→ **Task item**:
Below are the entries; return every line among them that holds the word "clipPath".

→ **Provided data**:
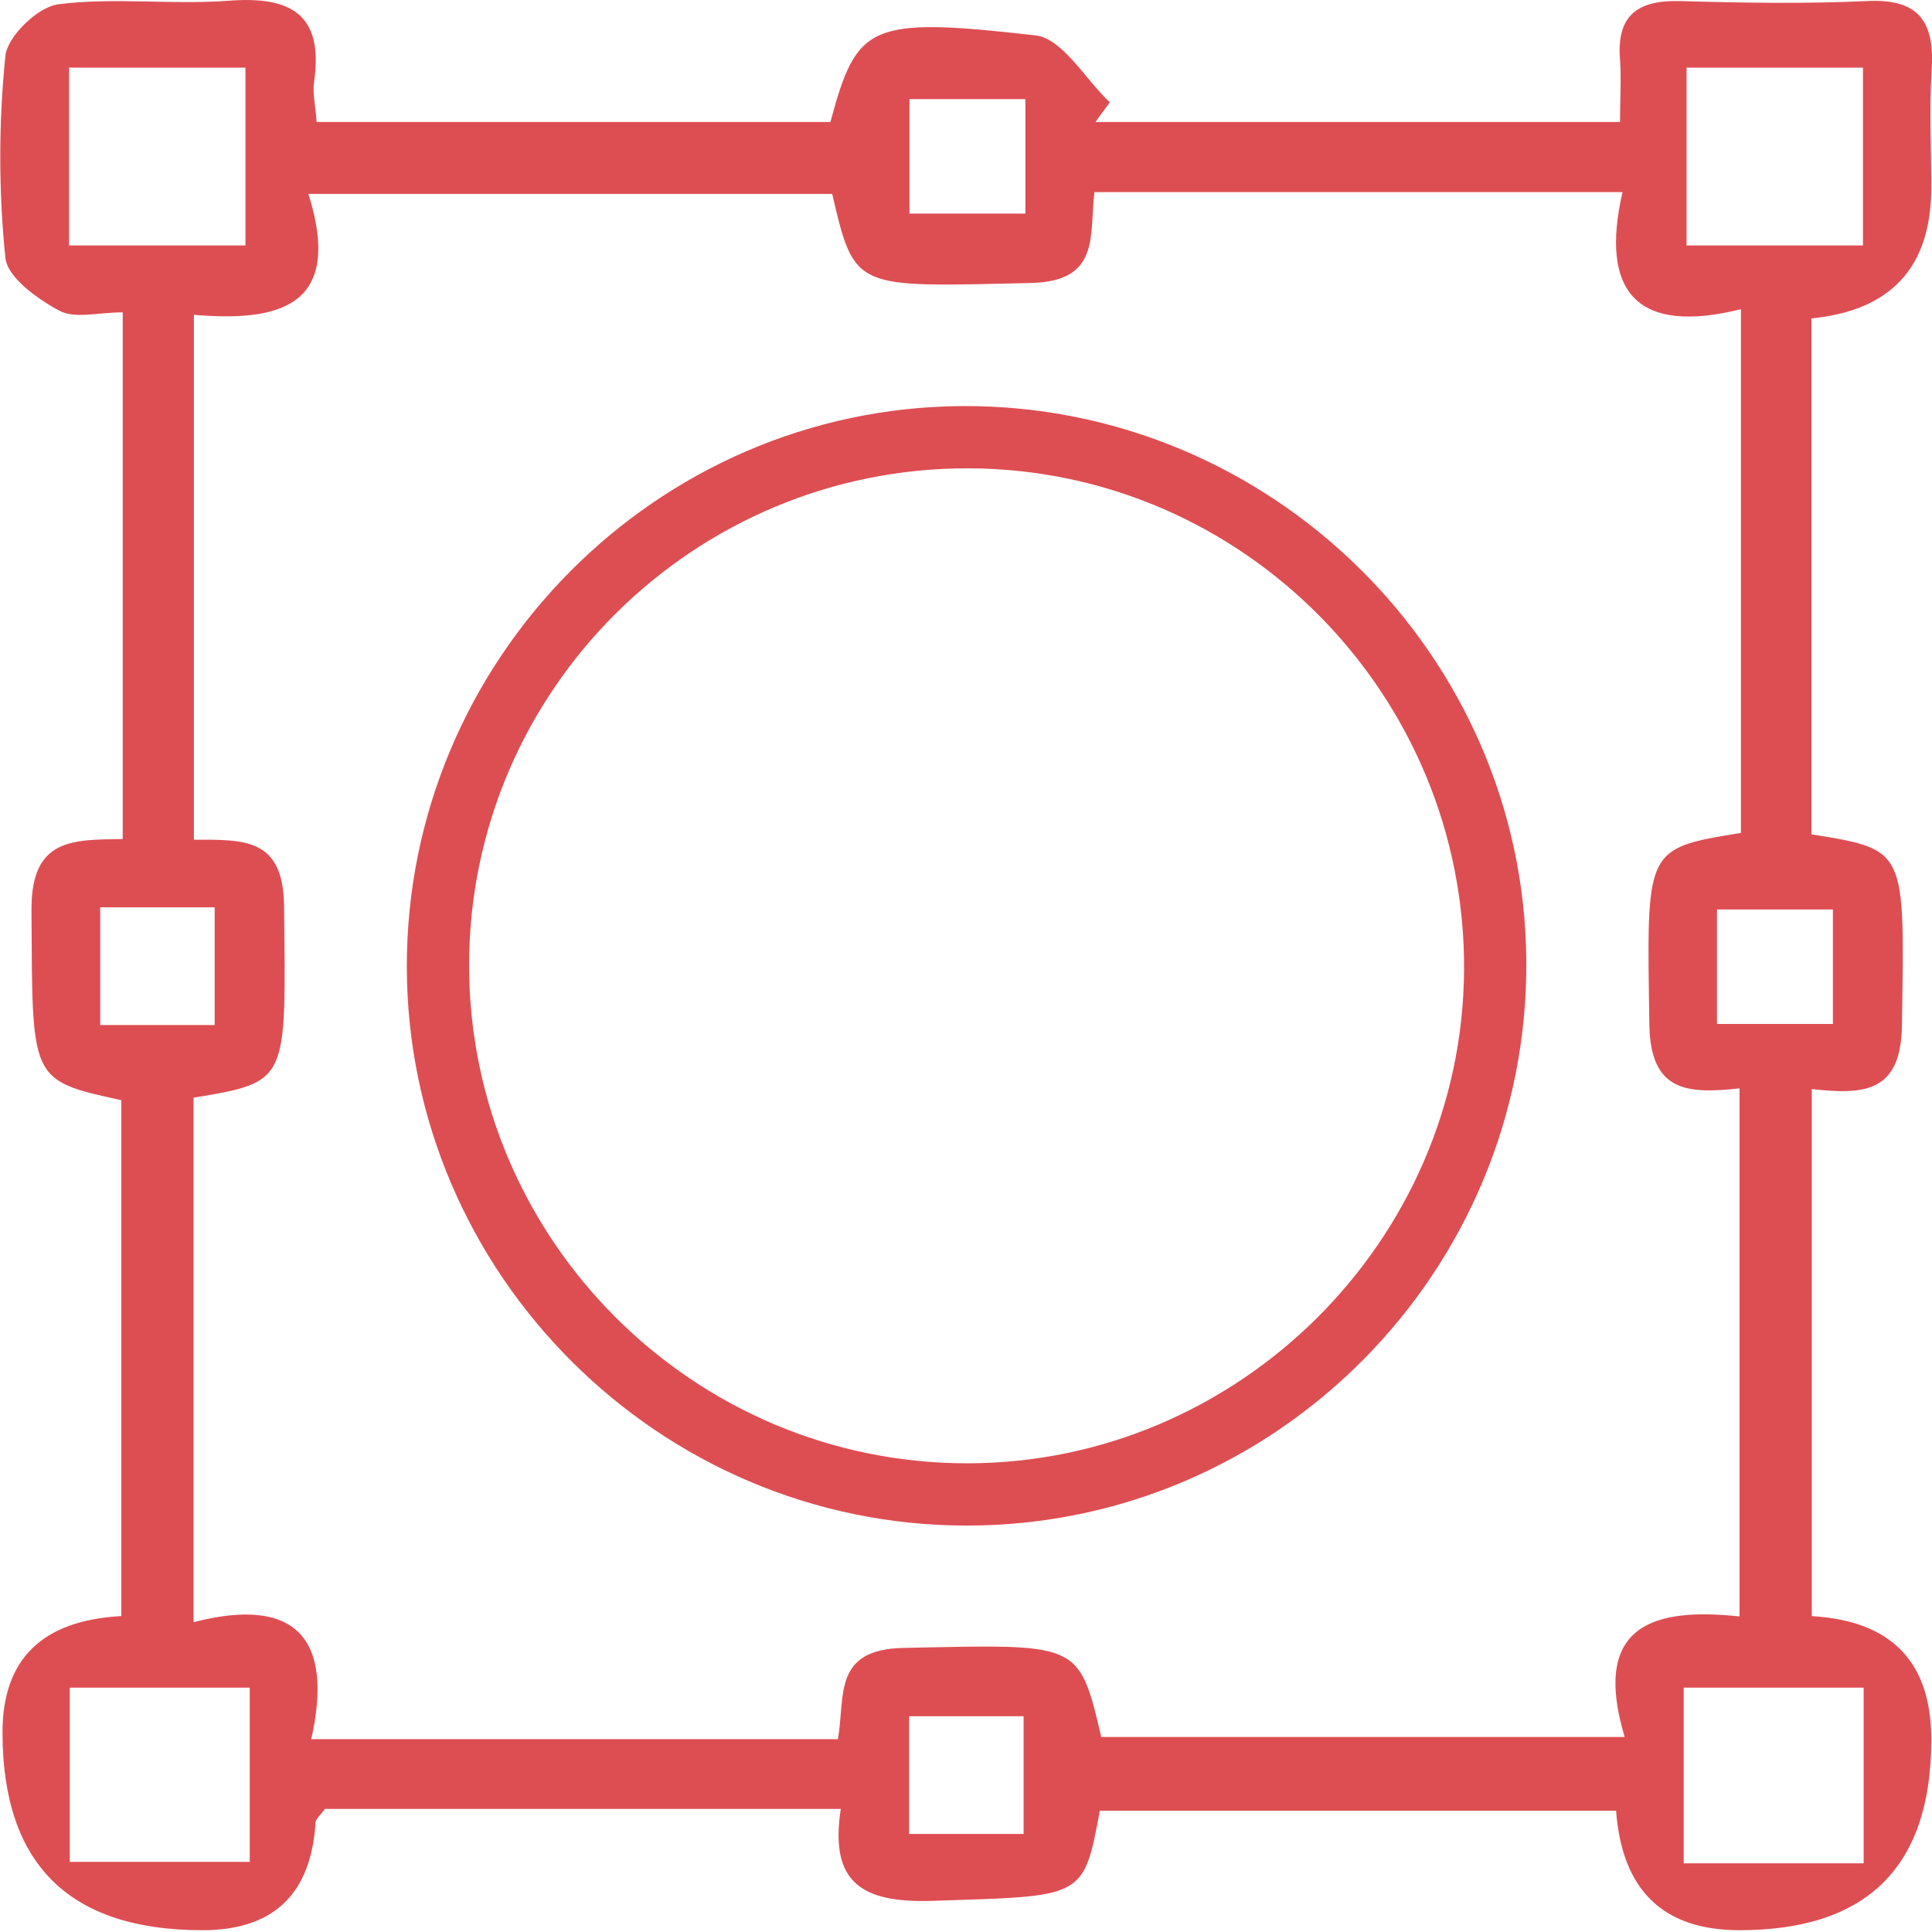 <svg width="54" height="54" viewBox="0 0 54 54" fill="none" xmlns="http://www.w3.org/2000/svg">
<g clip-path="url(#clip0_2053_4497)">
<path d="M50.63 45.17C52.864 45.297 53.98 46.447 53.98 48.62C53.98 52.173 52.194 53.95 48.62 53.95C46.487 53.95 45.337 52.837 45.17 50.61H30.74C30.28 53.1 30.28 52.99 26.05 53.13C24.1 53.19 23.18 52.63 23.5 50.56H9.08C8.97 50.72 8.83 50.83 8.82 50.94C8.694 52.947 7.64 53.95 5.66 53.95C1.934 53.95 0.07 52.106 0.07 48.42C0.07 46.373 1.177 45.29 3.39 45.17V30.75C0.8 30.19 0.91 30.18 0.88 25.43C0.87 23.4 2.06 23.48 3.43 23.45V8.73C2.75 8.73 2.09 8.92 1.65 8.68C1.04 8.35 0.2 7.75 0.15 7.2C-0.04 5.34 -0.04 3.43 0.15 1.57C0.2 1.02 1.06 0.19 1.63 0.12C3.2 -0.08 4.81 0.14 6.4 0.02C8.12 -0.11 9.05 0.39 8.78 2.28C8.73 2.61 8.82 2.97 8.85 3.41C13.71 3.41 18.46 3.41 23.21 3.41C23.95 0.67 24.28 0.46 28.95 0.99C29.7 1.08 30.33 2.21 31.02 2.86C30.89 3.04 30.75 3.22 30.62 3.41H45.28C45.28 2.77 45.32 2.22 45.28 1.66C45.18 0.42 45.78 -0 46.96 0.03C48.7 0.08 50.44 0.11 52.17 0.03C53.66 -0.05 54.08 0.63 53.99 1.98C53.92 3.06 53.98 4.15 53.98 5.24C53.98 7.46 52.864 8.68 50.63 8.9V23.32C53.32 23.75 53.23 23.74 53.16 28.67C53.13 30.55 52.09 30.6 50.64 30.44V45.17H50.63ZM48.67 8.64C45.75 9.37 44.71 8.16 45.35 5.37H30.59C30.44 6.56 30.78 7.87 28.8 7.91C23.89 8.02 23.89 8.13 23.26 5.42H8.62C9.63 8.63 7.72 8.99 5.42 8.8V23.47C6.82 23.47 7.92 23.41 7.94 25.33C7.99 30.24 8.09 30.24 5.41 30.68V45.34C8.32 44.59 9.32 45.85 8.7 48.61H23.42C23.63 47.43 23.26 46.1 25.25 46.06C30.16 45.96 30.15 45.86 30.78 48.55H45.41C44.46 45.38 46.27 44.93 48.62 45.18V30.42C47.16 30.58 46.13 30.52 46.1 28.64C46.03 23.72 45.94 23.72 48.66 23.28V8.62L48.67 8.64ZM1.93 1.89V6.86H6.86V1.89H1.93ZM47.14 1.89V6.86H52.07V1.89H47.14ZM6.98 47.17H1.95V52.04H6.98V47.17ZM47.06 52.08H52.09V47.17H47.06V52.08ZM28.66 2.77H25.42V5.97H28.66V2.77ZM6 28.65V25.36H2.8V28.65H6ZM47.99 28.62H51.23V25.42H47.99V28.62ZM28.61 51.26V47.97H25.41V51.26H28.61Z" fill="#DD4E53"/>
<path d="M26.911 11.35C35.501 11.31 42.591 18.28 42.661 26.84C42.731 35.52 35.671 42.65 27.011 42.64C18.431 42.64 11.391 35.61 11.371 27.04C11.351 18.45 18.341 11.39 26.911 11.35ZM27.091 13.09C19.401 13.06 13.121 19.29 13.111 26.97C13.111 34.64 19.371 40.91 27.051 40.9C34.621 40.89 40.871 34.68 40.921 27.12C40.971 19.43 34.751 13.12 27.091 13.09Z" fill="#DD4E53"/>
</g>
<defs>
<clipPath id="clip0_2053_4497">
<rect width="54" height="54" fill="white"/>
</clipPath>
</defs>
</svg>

→ **Exercise response**:
<clipPath id="clip0_2053_4497">
</clipPath>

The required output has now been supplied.